Could you print all of the data below again, exactly?

--- --- ---

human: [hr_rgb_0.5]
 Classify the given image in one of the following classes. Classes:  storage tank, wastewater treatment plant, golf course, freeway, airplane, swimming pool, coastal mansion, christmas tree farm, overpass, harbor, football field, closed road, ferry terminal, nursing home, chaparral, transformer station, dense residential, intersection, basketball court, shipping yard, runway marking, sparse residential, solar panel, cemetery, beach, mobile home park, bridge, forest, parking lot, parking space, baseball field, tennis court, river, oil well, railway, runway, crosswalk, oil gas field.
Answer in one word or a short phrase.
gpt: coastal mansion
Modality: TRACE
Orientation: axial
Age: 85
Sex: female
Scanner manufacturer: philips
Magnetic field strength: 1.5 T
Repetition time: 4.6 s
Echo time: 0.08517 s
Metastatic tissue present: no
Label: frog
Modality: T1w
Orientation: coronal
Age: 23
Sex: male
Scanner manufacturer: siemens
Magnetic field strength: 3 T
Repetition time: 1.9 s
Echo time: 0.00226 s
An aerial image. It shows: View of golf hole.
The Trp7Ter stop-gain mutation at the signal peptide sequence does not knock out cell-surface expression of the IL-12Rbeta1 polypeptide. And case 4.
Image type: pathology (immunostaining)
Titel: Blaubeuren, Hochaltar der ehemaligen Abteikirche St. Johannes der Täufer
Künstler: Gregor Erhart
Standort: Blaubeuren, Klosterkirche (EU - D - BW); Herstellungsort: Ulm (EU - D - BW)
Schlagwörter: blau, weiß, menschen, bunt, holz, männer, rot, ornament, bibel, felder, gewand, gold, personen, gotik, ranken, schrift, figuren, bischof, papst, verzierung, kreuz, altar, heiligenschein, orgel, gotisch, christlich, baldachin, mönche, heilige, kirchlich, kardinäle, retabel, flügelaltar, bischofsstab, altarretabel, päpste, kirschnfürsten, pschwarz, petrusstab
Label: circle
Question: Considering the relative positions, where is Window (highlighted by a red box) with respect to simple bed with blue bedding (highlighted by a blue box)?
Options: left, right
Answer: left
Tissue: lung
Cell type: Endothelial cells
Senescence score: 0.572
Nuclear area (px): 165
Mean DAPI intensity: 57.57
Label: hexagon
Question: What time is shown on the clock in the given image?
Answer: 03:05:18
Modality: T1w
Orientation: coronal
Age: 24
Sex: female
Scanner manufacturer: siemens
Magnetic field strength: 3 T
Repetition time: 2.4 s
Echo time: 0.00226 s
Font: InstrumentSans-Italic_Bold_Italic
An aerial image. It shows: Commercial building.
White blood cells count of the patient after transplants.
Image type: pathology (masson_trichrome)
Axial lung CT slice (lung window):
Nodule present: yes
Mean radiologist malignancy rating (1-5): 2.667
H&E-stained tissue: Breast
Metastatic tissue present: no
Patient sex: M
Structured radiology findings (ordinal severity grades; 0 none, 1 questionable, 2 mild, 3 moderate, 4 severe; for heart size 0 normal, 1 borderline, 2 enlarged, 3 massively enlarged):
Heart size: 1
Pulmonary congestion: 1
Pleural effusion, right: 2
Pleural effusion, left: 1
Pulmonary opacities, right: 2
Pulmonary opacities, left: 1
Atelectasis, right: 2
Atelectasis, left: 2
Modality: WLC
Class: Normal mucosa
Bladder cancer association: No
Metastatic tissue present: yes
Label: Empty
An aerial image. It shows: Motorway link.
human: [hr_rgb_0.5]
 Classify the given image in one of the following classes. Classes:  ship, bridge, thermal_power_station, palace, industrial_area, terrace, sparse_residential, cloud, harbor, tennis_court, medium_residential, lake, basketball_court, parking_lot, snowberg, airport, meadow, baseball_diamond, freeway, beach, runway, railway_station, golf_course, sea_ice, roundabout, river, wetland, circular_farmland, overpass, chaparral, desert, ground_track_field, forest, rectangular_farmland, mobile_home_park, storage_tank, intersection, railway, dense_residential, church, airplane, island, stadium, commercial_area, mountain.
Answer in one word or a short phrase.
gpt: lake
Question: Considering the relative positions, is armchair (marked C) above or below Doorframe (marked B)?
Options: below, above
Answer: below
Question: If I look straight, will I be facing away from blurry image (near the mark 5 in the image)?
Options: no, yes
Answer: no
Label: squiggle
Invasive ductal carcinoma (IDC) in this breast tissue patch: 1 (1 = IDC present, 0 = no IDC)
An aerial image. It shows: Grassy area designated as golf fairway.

--- --- ---

### RESPONSE TO THIS EXERCISE
human: [hr_rgb_0.5]
 Classify the given image in one of the following classes. Classes:  storage tank, wastewater treatment plant, golf course, freeway, airplane, swimming pool, coastal mansion, christmas tree farm, overpass, harbor, football field, closed road, ferry terminal, nursing home, chaparral, transformer station, dense residential, intersection, basketball court, shipping yard, runway marking, sparse residential, solar panel, cemetery, beach, mobile home park, bridge, forest, parking lot, parking space, baseball field, tennis court, river, oil well, railway, runway, crosswalk, oil gas field.
Answer in one word or a short phrase.
gpt: coastal mansion
Modality: TRACE
Orientation: axial
Age: 85
Sex: female
Scanner manufacturer: philips
Magnetic field strength: 1.5 T
Repetition time: 4.6 s
Echo time: 0.08517 s
Metastatic tissue present: no
Label: frog
Modality: T1w
Orientation: coronal
Age: 23
Sex: male
Scanner manufacturer: siemens
Magnetic field strength: 3 T
Repetition time: 1.9 s
Echo time: 0.00226 s
An aerial image. It shows: View of golf hole.
The Trp7Ter stop-gain mutation at the signal peptide sequence does not knock out cell-surface expression of the IL-12Rbeta1 polypeptide. And case 4.
Image type: pathology (immunostaining)
Titel: Blaubeuren, Hochaltar der ehemaligen Abteikirche St. Johannes der Täufer
Künstler: Gregor Erhart
Standort: Blaubeuren, Klosterkirche (EU - D - BW); Herstellungsort: Ulm (EU - D - BW)
Schlagwörter: blau, weiß, menschen, bunt, holz, männer, rot, ornament, bibel, felder, gewand, gold, personen, gotik, ranken, schrift, figuren, bischof, papst, verzierung, kreuz, altar, heiligenschein, orgel, gotisch, christlich, baldachin, mönche, heilige, kirchlich, kardinäle, retabel, flügelaltar, bischofsstab, altarretabel, päpste, kirschnfürsten, pschwarz, petrusstab
Label: circle
Question: Considering the relative positions, where is Window (highlighted by a red box) with respect to simple bed with blue bedding (highlighted by a blue box)?
Options: left, right
Answer: left
Tissue: lung
Cell type: Endothelial cells
Senescence score: 0.572
Nuclear area (px): 165
Mean DAPI intensity: 57.57
Label: hexagon
Question: What time is shown on the clock in the given image?
Answer: 03:05:18
Modality: T1w
Orientation: coronal
Age: 24
Sex: female
Scanner manufacturer: siemens
Magnetic field strength: 3 T
Repetition time: 2.4 s
Echo time: 0.00226 s
Font: InstrumentSans-Italic_Bold_Italic
An aerial image. It shows: Commercial building.
White blood cells count of the patient after transplants.
Image type: pathology (masson_trichrome)
Axial lung CT slice (lung window):
Nodule present: yes
Mean radiologist malignancy rating (1-5): 2.667
H&E-stained tissue: Breast
Metastatic tissue present: no
Patient sex: M
Structured radiology findings (ordinal severity grades; 0 none, 1 questionable, 2 mild, 3 moderate, 4 severe; for heart size 0 normal, 1 borderline, 2 enlarged, 3 massively enlarged):
Heart size: 1
Pulmonary congestion: 1
Pleural effusion, right: 2
Pleural effusion, left: 1
Pulmonary opacities, right: 2
Pulmonary opacities, left: 1
Atelectasis, right: 2
Atelectasis, left: 2
Modality: WLC
Class: Normal mucosa
Bladder cancer association: No
Metastatic tissue present: yes
Label: Empty
An aerial image. It shows: Motorway link.
human: [hr_rgb_0.5]
 Classify the given image in one of the following classes. Classes:  ship, bridge, thermal_power_station, palace, industrial_area, terrace, sparse_residential, cloud, harbor, tennis_court, medium_residential, lake, basketball_court, parking_lot, snowberg, airport, meadow, baseball_diamond, freeway, beach, runway, railway_station, golf_course, sea_ice, roundabout, river, wetland, circular_farmland, overpass, chaparral, desert, ground_track_field, forest, rectangular_farmland, mobile_home_park, storage_tank, intersection, railway, dense_residential, church, airplane, island, stadium, commercial_area, mountain.
Answer in one word or a short phrase.
gpt: lake
Question: Considering the relative positions, is armchair (marked C) above or below Doorframe (marked B)?
Options: below, above
Answer: below
Question: If I look straight, will I be facing away from blurry image (near the mark 5 in the image)?
Options: no, yes
Answer: no
Label: squiggle
Invasive ductal carcinoma (IDC) in this breast tissue patch: 1 (1 = IDC present, 0 = no IDC)
An aerial image. It shows: Grassy area designated as golf fairway.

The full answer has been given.